- About this exercise: As soon as the line containing "land cover: Durum wheat" appears, copy it and every following line word for word until the records end.

[Entries taken from a collection]
##########

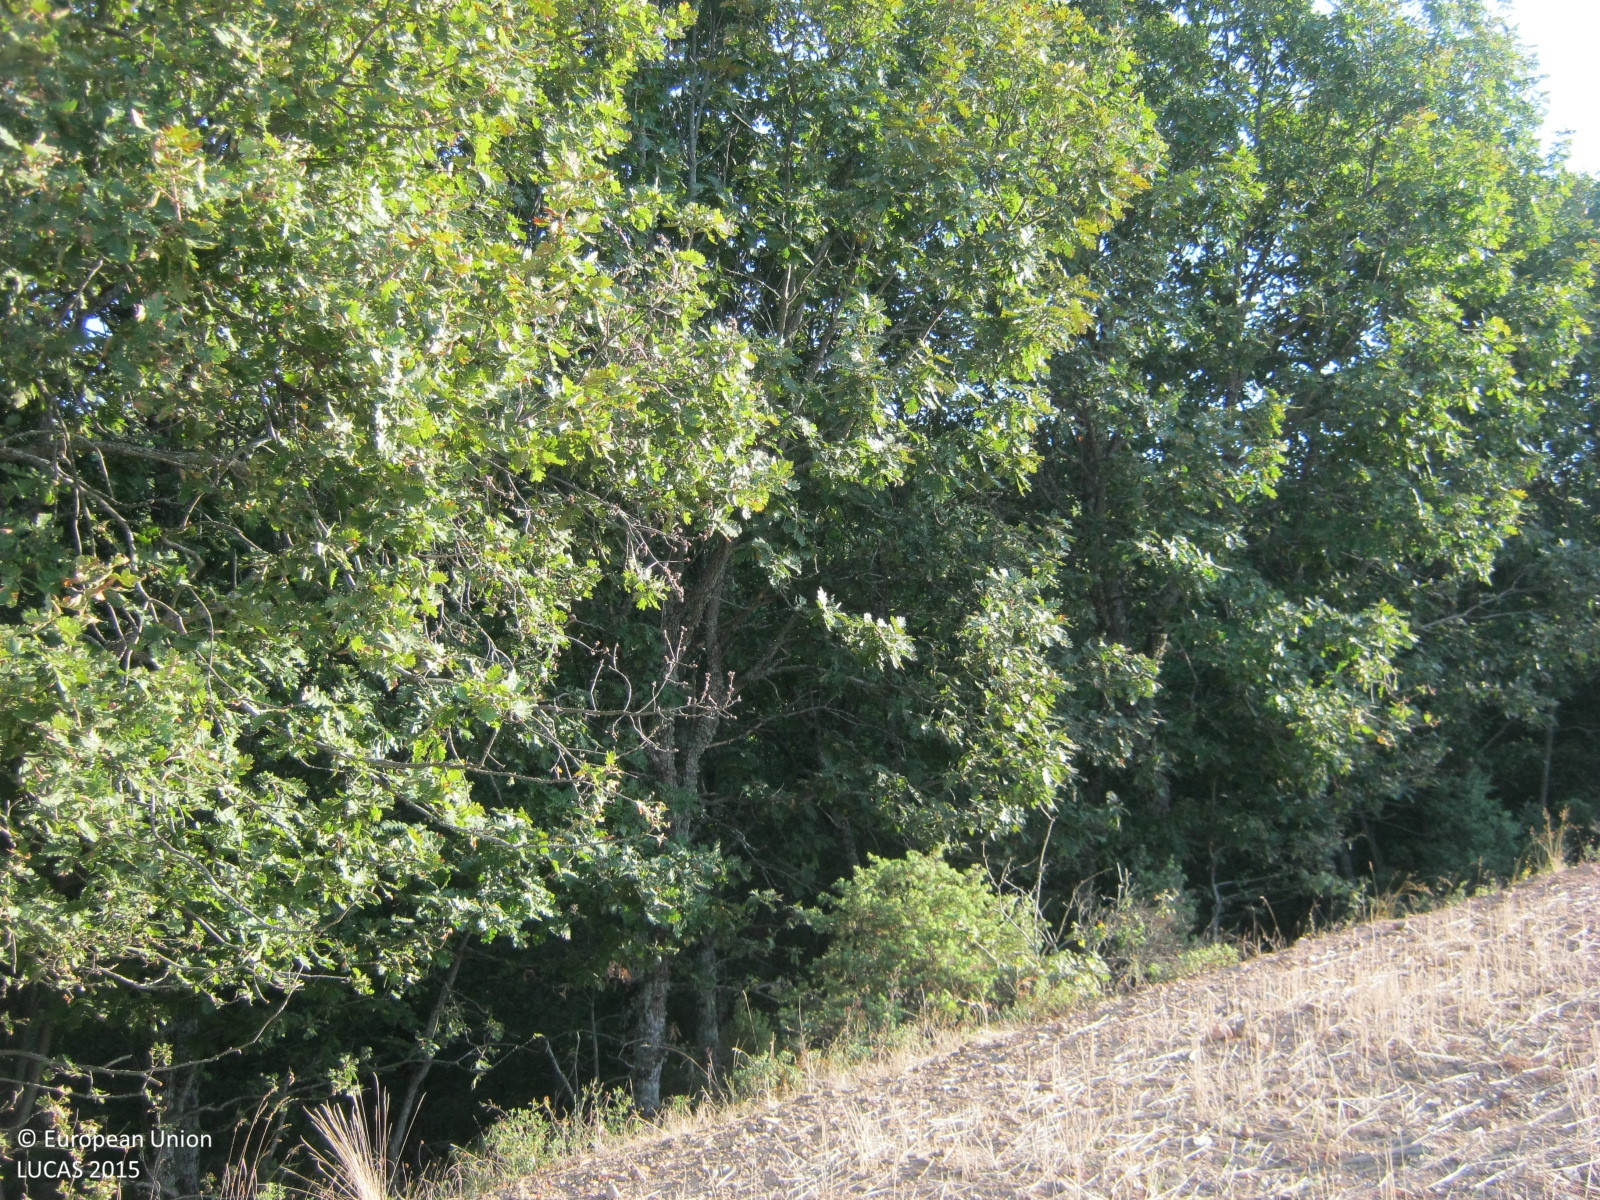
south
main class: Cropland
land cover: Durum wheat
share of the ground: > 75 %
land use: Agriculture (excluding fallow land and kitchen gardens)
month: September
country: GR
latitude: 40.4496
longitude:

##########

- Solved exercise:
land cover: Durum wheat
share of the ground: > 75 %
land use: Agriculture (excluding fallow land and kitchen gardens)
month: September
country: GR
latitude: 40.4496
longitude:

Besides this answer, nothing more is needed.